DML is used to manipulate data in the database. You have INSERT, ALTER, UPDATE, DELETE methods to work with your data. Since they are kinda self-explanatory, look at the examples below. I find that looking at many examples is a bit easier that reading theory:

INSERT

Inserting values… You declared a table, defined attributes and their modifiers. Now it is time to add some data. Well, you will probably do this from your program using some kind of ORM, but it is nice to know how it works.

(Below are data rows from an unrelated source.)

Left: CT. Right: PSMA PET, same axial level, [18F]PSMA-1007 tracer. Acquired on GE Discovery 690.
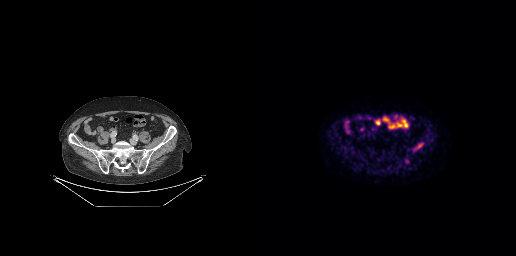
Coordinates are on the 256×256 PET (right) panel. (showing 1 of 2 foci) PSMA-avid tumor lesion bounding box (x0,y0,x1,y1): [154,143,163,150].
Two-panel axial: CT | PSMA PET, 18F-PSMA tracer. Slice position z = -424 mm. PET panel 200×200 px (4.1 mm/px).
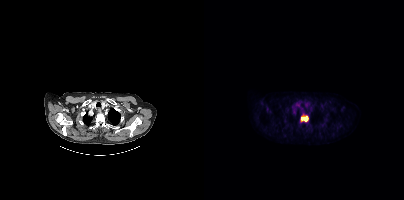
Coordinates are on the 200×200 PET (right) panel. PSMA-avid tumor lesion bounding box (x0,y0,x1,y1): [96,114,104,121].
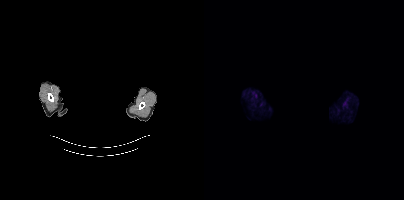
modality: PSMA PET/CT | tracer: 18F-PSMA | view: axial | PET grid: 200×200 | redaction: rectangular block over head set to black
This slice has no annotated PSMA-avid lesion.
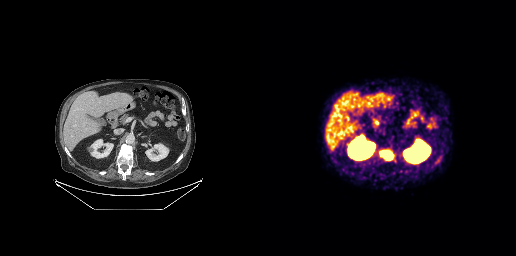
Coordinates are on the 256×256 PET (right) panel. PSMA-avid tumor lesion bounding boxes:
| # | x0 | y0 | x1 | y1 |
|---|---|---|---|---|
| 1 | 119 | 149 | 134 | 160 |
Left: CT. Right: PSMA PET, same axial level, [68Ga]Ga-PSMA-11 tracer. Slice 140 of 263.
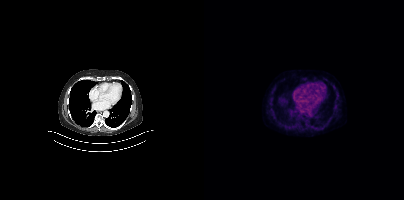
This slice has no annotated PSMA-avid lesion. Paired axial CT (left) and PSMA PET (right), 18F tracer. Slice 225 of 356. PET panel 200×200 px (4.1 mm/px).
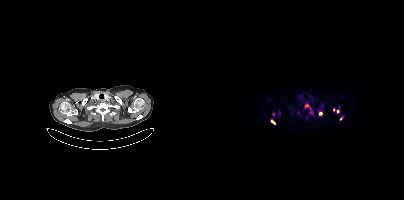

-- If you are inserting all attributes, you can just pass an ordered tuple with the values. 
-- Otherwise, you need to tell the table what kind of values you are inserting.
INSERT INTO customers
VALUES ("Tom", "Joe", "Cool Street 4", "Badlands");

INSERT INTO customers (name, lastname)
VALUES ("Tom", "Joe");

-- You can also insert many values at once, just pass multiple tuples!
INSERT INTO customers
VALUES ("Tom", "Joe", "Cool Street 4", "Badlands"),
("Bob", "Tom", "Bad Street 111", "Badlands");

UPDATE

-- Change the street of our customer Bob Tom.
UPDATE customers
SET street = "Badder Street 111"
WHERE name == "Bob"
AND lastname == "Tom";

-- Examples with students table.
CREATE TABLE students (
    id INTEGER PRIMARY KEY,
    name VARCHAR(80) NOT NULL,
    email VARCHAR(120) UNIQUE,
    will_fail_math INTEGER DEFAULT 0,
    semester INTEGER DEFAULT 1
);

-- Update data in a table.
UPDATE students 
SET will_fail_math = 0;

UPDATE students 
SET semester = semester + 1;

UPDATE students 
SET semester = 15
WHERE name = "Old Bob";

DELETE FROM

Delete data from matching table. If you are not going to specify conditions, it will just nuke the whole table. DROP table deletes table and contents, DELETE FROM without conditions will leave the table empty.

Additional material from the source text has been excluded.